Metric Space Magnitude for Evaluating the Diversity of Latent Representations
Katharina Limbeck, Rayna Andreeva, Rik Sarkar, Bastian Rieck
TL;DR
This work addresses the challenge of evaluating intrinsic diversity of latent representations without relying on ground-truth distributions. It introduces metric-space magnitude and its multi-scale variants MagArea and MagDiff to produce robust, scale-aware diversity summaries across text, image, and graph embeddings. The authors establish axiomatic advantages, provide efficient computational strategies (notably via Cholesky factorization), and validate the approach with extensive experiments showing superior performance over traditional diversity metrics and reliable mode-collapse/dropping detection. The results suggest magnitude-based diversity offers a principled, scalable tool for model evaluation and comparison in representation learning, with practical implications for debugging and regularization in generative and embedding-based systems.
Abstract
The magnitude of a metric space is a novel invariant that provides a measure of the 'effective size' of a space across multiple scales, while also capturing numerous geometrical properties, such as curvature, density, or entropy.
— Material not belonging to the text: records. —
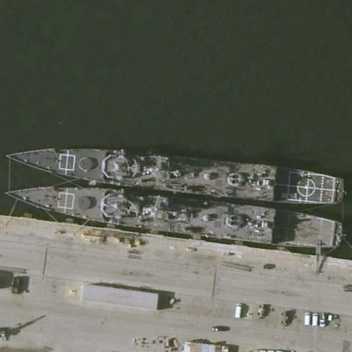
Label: cruiser
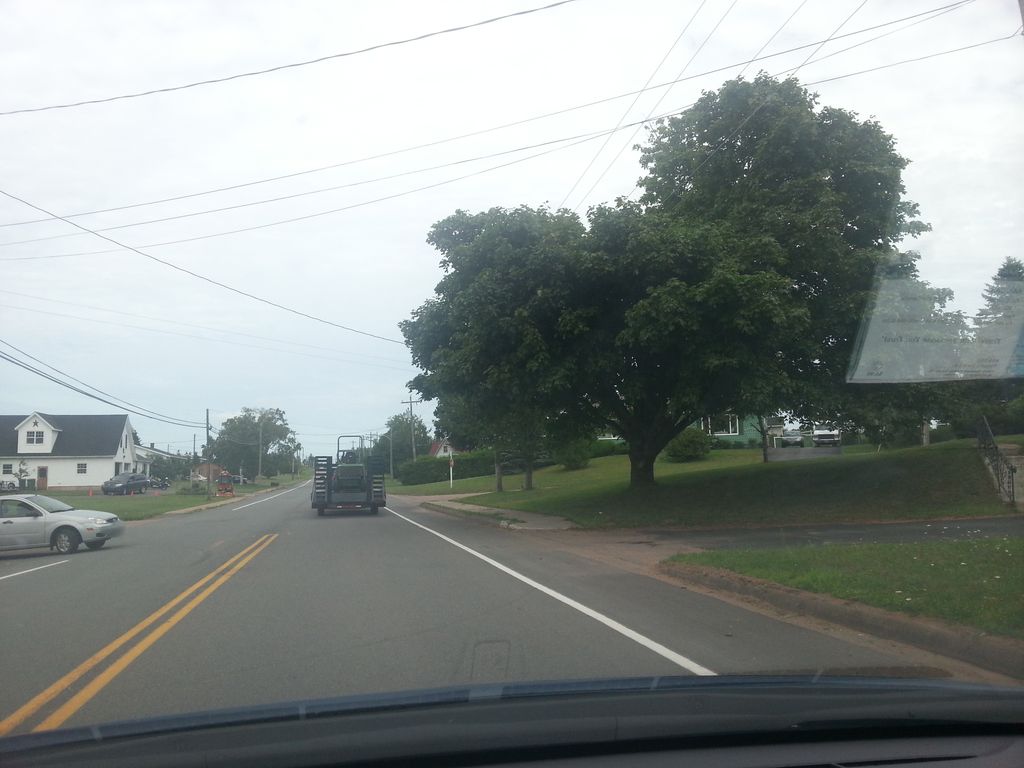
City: charlottetown
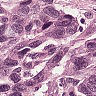
Metastatic tissue present: yes
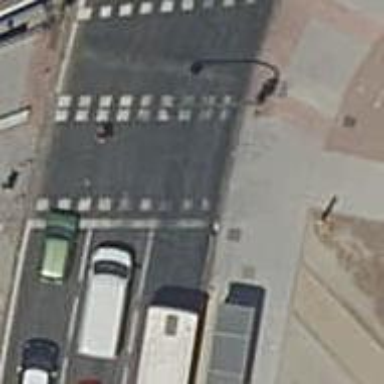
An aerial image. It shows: Road crossing with traffic signals.
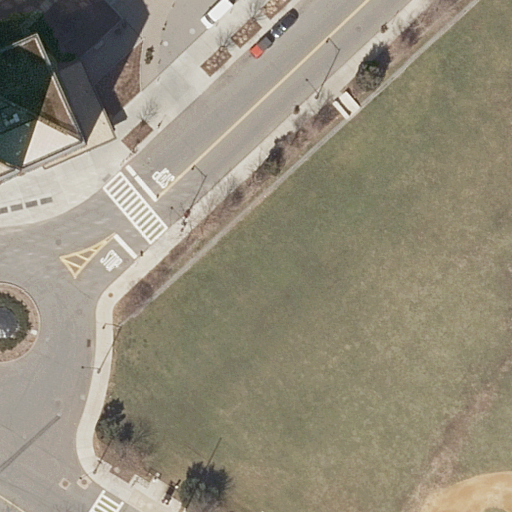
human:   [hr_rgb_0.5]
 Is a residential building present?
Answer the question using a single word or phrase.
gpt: yes

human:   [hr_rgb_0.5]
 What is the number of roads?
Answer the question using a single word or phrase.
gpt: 5

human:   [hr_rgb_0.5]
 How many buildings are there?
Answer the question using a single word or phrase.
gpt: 1

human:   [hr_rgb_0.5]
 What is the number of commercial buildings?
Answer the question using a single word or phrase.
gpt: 0

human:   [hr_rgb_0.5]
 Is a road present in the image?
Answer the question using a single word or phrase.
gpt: yes

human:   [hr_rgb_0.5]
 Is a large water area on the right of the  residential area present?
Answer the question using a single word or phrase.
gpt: no

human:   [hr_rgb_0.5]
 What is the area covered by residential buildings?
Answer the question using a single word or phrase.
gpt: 262m2

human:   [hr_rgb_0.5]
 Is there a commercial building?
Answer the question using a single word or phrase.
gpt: no

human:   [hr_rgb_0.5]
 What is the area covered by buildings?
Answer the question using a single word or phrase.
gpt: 262m2

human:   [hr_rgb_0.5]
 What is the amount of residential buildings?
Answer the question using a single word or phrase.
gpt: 1

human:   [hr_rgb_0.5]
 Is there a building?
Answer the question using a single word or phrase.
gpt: yes

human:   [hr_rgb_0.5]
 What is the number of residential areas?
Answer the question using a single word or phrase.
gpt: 1

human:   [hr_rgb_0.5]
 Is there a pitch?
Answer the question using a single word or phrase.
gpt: yes

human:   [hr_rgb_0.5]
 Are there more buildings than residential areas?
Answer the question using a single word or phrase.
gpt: no

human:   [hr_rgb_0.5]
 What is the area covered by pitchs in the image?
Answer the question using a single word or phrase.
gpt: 4901m2

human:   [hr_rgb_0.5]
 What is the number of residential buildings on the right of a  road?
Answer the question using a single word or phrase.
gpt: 0

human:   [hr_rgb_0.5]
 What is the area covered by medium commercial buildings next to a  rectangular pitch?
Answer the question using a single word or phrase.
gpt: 0m2

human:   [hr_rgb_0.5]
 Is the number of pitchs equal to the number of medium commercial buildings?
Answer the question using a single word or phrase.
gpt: no

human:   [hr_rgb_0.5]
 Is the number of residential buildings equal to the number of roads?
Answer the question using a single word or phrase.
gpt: no

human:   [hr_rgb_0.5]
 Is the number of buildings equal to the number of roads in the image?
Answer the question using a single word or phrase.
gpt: no

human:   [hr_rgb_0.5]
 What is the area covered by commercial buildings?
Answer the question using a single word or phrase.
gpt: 0m2

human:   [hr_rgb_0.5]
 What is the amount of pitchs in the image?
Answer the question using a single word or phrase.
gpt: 2

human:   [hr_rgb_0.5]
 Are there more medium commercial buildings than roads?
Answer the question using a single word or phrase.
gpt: no

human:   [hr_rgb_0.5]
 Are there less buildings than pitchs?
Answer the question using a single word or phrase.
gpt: yes

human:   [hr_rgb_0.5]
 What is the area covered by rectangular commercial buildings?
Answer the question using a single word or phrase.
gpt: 0m2

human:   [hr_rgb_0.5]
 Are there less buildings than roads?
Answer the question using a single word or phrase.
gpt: yes

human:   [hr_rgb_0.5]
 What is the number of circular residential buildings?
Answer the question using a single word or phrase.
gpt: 0

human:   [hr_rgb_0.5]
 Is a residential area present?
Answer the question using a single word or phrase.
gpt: yes

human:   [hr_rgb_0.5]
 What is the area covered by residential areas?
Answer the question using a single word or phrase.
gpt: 10623m2

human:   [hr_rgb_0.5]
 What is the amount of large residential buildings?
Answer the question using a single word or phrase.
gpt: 0

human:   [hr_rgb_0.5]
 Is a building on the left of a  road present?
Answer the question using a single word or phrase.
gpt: yes

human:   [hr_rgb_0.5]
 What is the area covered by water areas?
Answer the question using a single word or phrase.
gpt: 0m2

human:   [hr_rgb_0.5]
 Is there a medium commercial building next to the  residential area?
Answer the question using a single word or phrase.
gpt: no

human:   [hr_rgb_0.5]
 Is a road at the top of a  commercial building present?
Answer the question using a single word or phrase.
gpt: no

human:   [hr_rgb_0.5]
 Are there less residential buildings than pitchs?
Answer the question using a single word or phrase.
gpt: yes

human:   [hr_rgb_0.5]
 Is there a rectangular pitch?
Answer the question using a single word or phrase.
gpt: yes

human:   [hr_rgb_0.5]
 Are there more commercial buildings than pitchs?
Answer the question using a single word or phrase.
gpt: no

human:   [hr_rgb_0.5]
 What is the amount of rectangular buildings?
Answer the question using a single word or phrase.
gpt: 1

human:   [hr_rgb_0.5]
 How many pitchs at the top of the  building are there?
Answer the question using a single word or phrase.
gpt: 0

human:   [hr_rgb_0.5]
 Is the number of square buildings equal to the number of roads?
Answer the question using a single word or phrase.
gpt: no

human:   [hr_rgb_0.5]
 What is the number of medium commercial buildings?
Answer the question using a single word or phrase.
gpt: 0

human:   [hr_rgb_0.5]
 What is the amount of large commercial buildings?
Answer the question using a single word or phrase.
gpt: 0

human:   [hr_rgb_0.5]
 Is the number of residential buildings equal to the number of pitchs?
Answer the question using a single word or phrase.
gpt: no

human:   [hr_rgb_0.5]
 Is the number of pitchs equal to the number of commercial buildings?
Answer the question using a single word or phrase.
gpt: no

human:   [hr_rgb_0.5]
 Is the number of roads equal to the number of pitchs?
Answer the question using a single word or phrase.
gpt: no

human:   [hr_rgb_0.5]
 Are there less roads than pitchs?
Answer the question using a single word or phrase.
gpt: no

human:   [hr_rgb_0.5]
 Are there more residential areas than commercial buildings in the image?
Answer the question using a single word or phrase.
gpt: yes

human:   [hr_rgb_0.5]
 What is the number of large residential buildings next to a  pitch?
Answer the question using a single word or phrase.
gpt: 0

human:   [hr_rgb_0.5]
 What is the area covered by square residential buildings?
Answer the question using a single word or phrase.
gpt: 0m2

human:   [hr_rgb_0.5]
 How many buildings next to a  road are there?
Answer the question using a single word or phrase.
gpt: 1

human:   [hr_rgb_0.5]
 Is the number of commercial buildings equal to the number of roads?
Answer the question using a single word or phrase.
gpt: no

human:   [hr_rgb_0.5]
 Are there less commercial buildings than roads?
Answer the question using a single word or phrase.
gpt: yes

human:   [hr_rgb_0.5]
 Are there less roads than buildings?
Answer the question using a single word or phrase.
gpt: no

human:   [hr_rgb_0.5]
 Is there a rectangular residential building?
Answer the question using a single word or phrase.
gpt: yes

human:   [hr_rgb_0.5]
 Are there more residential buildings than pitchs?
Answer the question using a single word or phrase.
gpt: no

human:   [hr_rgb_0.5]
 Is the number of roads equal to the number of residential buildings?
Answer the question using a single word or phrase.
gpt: no

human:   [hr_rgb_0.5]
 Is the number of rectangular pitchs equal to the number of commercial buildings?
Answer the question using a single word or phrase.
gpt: no

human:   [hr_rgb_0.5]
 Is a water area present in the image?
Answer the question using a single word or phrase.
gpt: no

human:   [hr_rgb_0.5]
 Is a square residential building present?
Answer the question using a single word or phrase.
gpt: no

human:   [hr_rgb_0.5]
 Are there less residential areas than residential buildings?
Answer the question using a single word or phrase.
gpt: no

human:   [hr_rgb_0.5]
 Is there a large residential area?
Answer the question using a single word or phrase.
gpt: yes

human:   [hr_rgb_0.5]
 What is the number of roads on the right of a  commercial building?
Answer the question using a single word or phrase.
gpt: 0

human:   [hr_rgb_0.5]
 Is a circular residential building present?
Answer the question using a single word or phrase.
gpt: no

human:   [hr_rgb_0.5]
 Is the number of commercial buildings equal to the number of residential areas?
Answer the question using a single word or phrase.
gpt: no
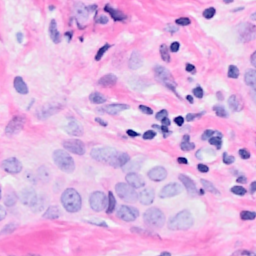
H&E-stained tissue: Breast
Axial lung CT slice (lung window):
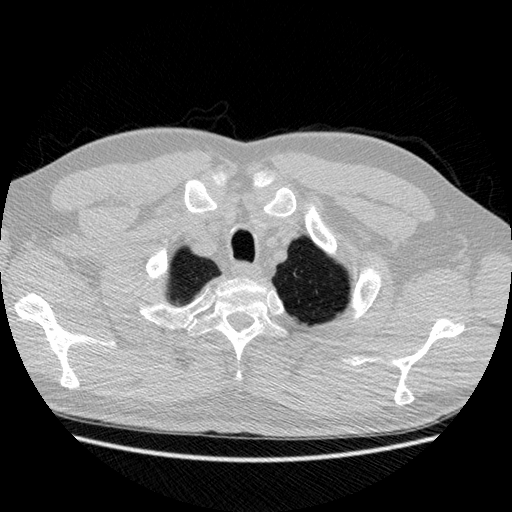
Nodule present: no
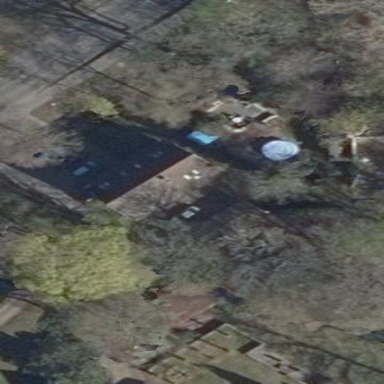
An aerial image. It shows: Detached building with gabled roof.
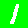
Digit: 1
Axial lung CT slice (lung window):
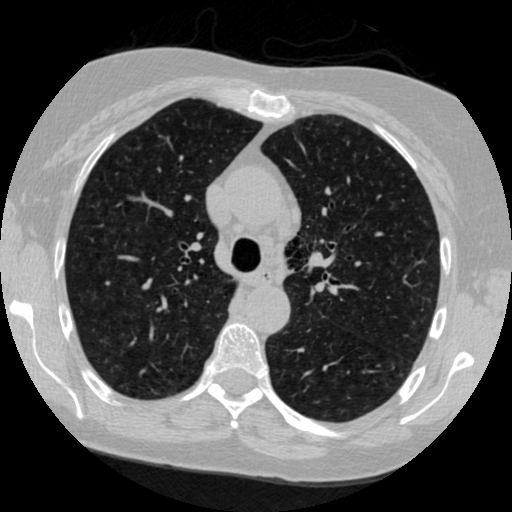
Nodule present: no
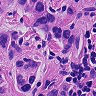
Metastatic tissue present: yes
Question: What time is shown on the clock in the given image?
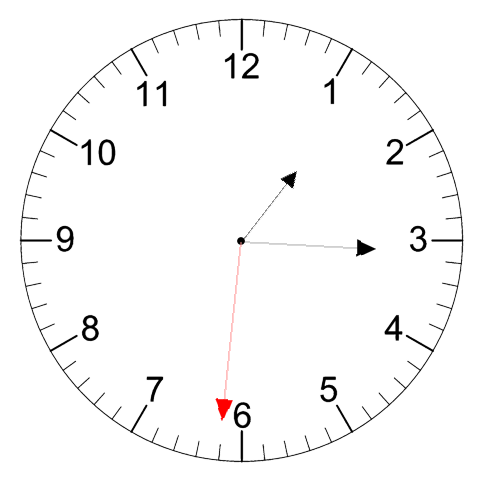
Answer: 01:15:31
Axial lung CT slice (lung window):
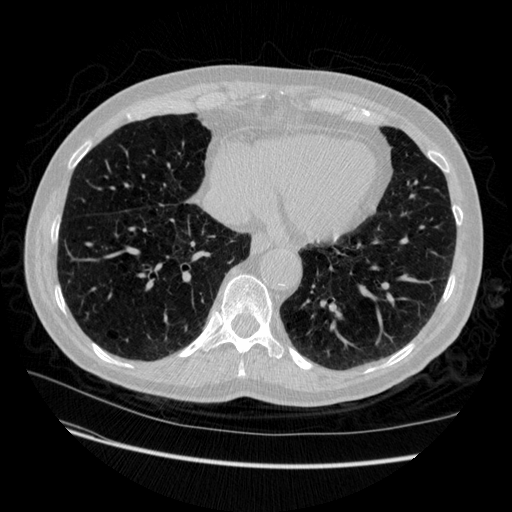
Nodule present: no
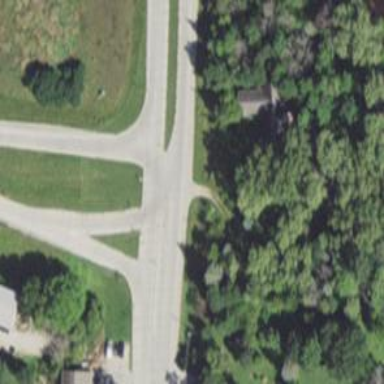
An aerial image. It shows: Motorroad with trunk link.

We develop a family of magnitude-based measures of the intrinsic diversity of latent representations, formalising a novel notion of dissimilarity between magnitude functions of finite metric spaces. Our measures are provably stable under perturbations of the data, can be efficiently calculated, and enable a rigorous multi-scale characterisation and comparison of latent representations. We show their utility and superior performance across different domains and tasks, including (i) the automated estimation of diversity, (ii) the detection of mode collapse, and (iii) the evaluation of generative models for text, image, and graph data.